La gente in giro per Il Cairo è tantissima, soprattutto nelle ore serali, quando cala un po' la temperatura e l'aria è più vivibile: famiglie intere in giro per fare shopping, giovani seduti nei bar davanti a succhi di frutta e "coca-cola", perché qui gli alcoolici sono vietati. Si vede nella gente la gioia di una serenità ritrova­ta. E le persone con cui parlo, di diverso orientamento politico, sono tutte con­cordi: "ora la difficile e pesante dittatura di Moubarak è finita! Dobbiamo pen­sare al futu­ro".
Venerdì è il giorno in cui, dopo le cerimonie religiose dei musulmani, in tutti i paesi arabi c'è il rischio di qualche manifestazione, politica o religiosa, pro o contro gli avversari. Questo venerdì invece comincia tardi, dopo le 10, e la città si anima gradualmente.
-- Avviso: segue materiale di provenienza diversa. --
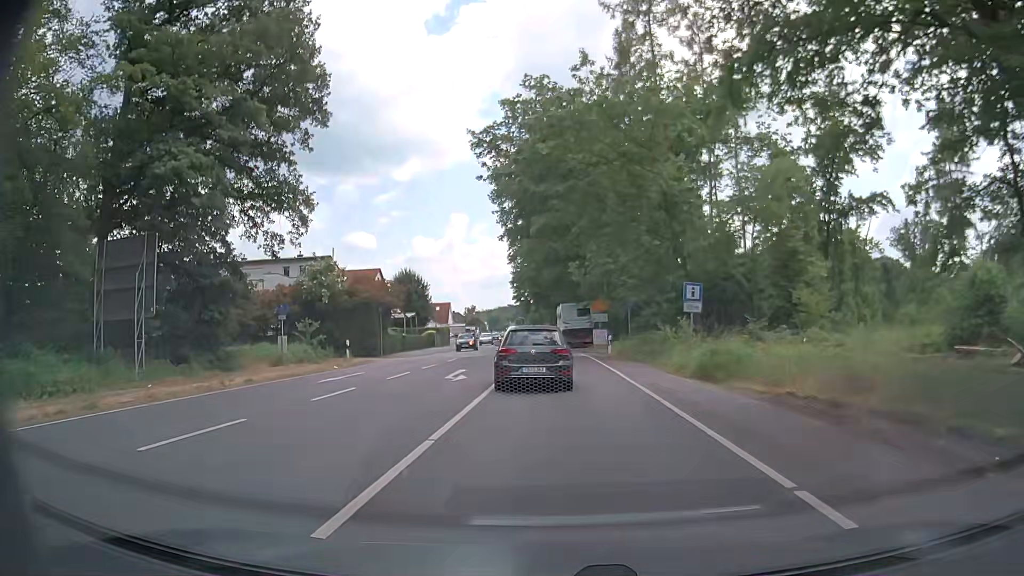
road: primary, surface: asphalt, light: Day
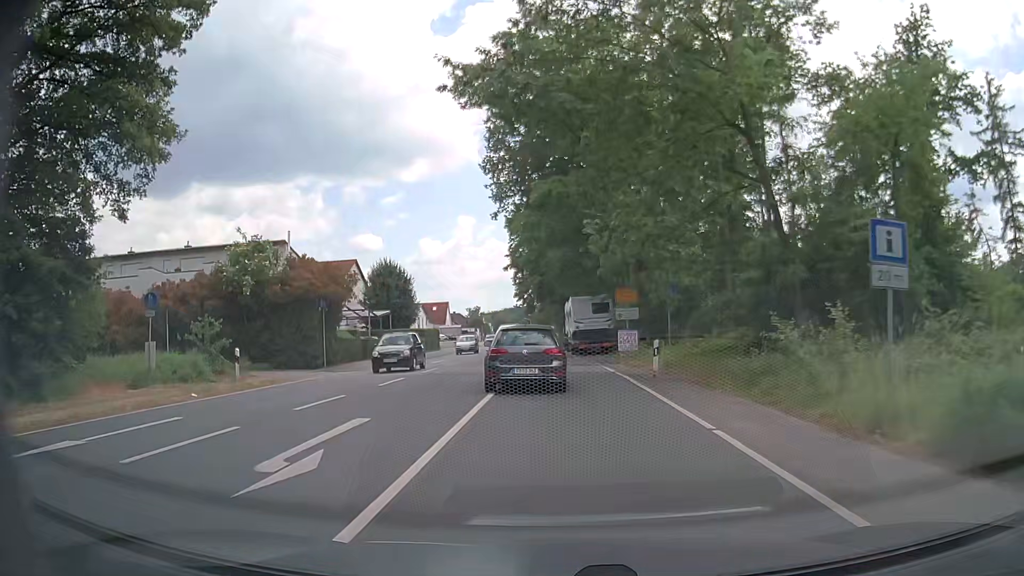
(0.0, +12.7) m; -1°
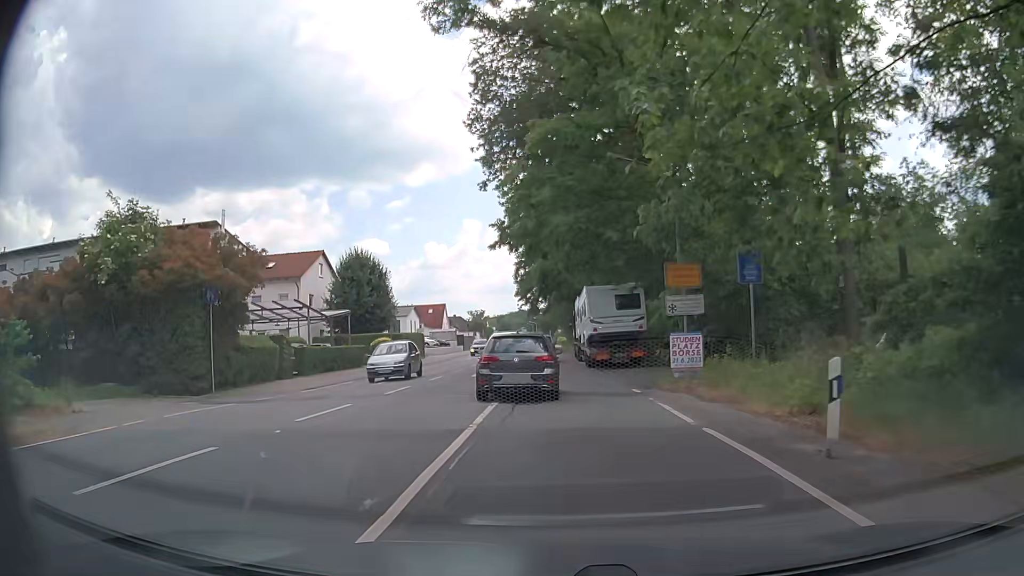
(+0.2, +12.1) m; +1°
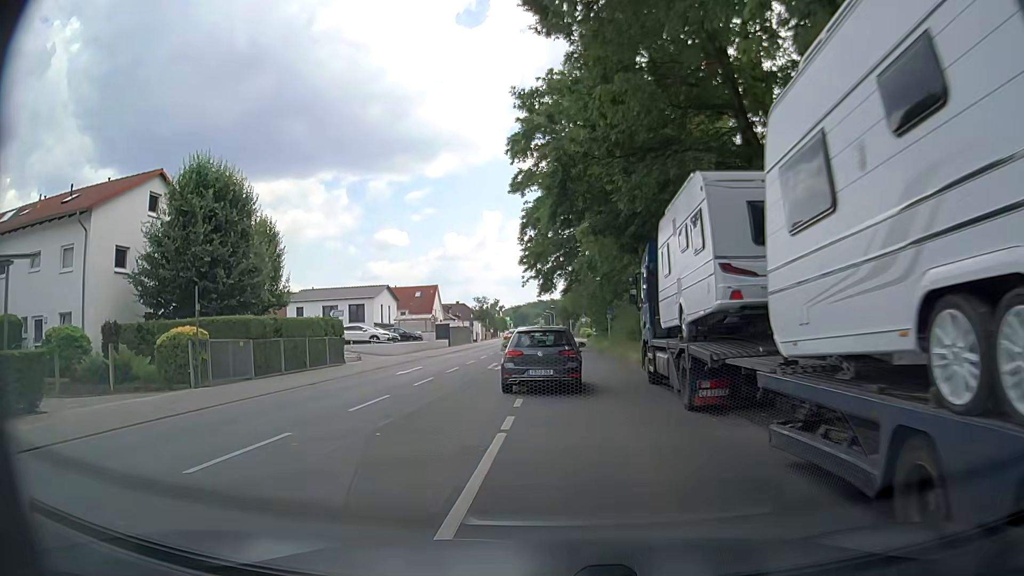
(-0.8, +29.0) m; -3°
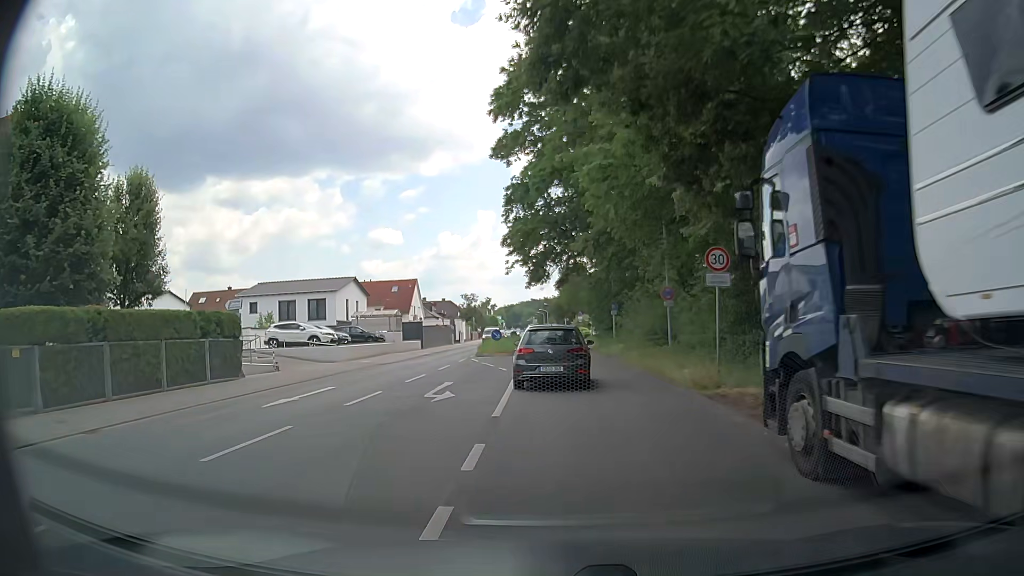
(+0.2, +11.2) m; +3°
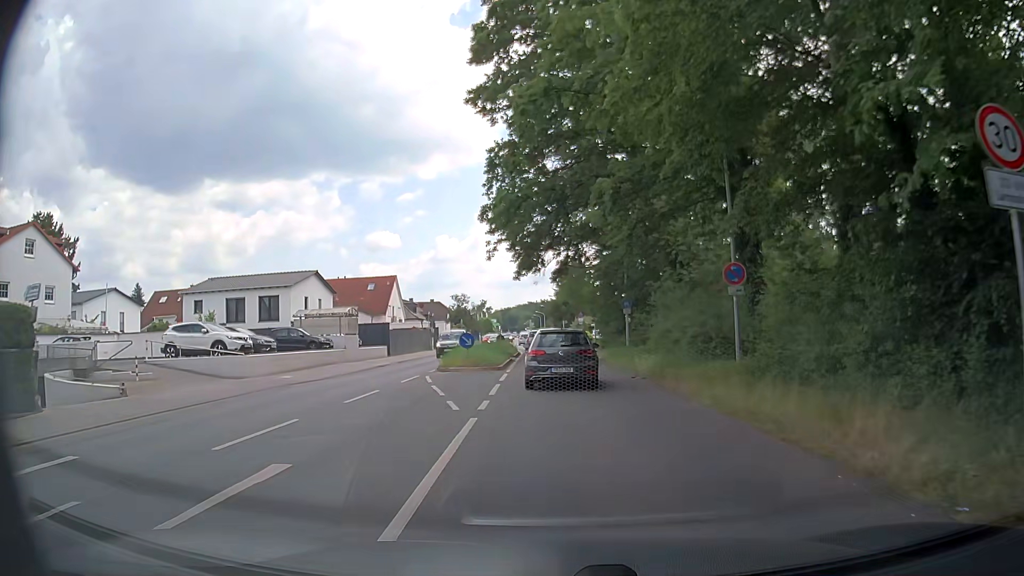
(-0.2, +11.0) m; -2°
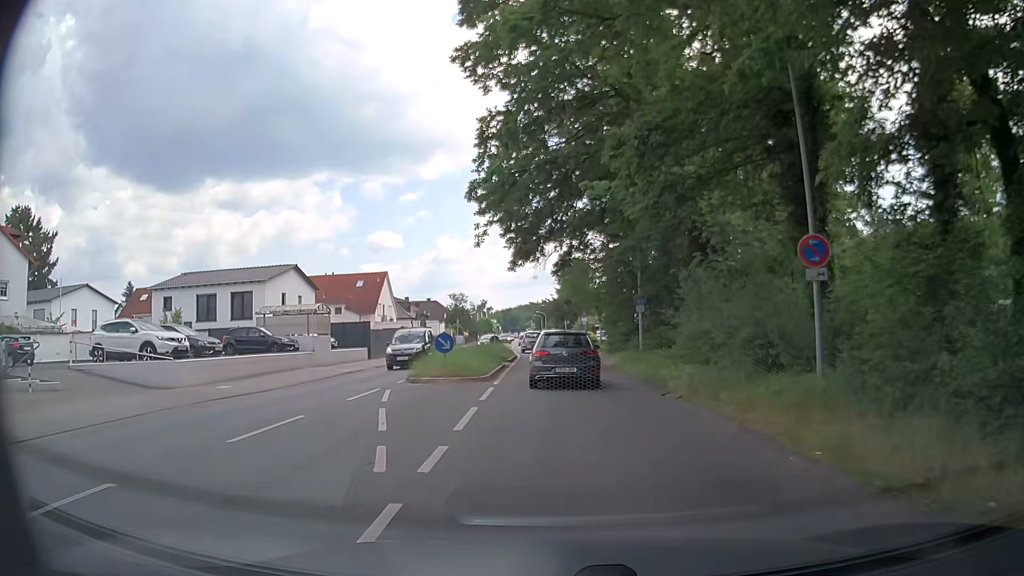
(+0.1, +5.4) m; +2°
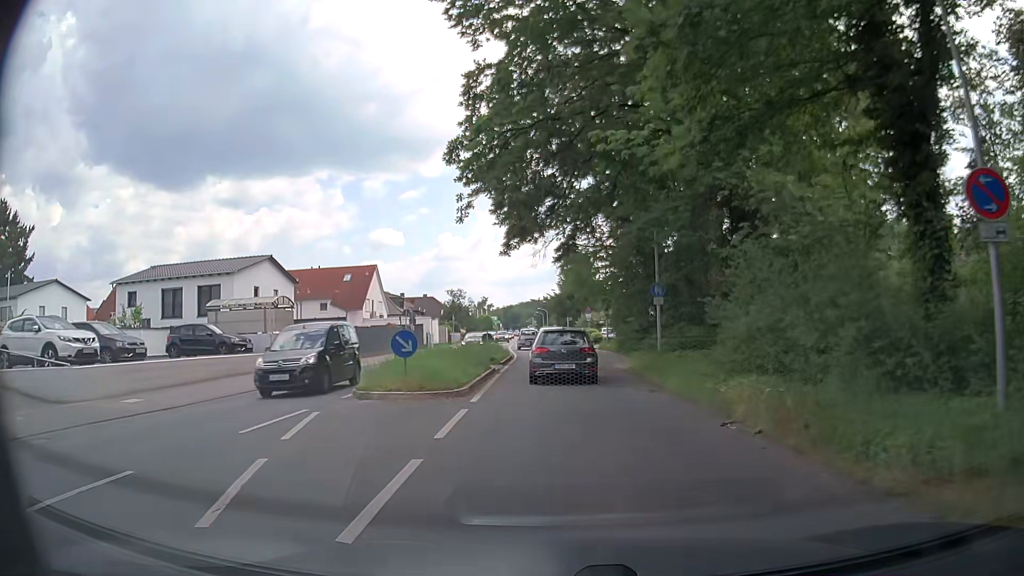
(-0.1, +5.4) m; -2°
(0, +10) (0, +20) (0, +30) (-1, +40) (-2, +50) (-2, +60) (-3, +70) (-3, +80) (-4, +90) (-4, +100) m

Solo nel pomeriggio, dopo essere andato a visitare una bella moschea del centro ed aver pregato per la pace tra i popoli e le religioni, vado a piazza Tahrir (piazza del­la Liberazione): qui sono radunati gruppetti di persone che tengono qualche piccolo comizio, ma niente di anormale.

Ed è bellissimo vedere la piazza piena di ban­carelle che vendono la bandiera egiziana (come succede da noi quando c'è qualche partita di calcio...) e le t-shirt con l'immagine di Morsi o di Safiq (da noi siamo rimasti al "Che", che è sempre meglio di Silvio o di Bersani o di Casini!): credo che questo sia da con­siderarsi il "termometro" della raggiunta libertà e della nuova maturità politica.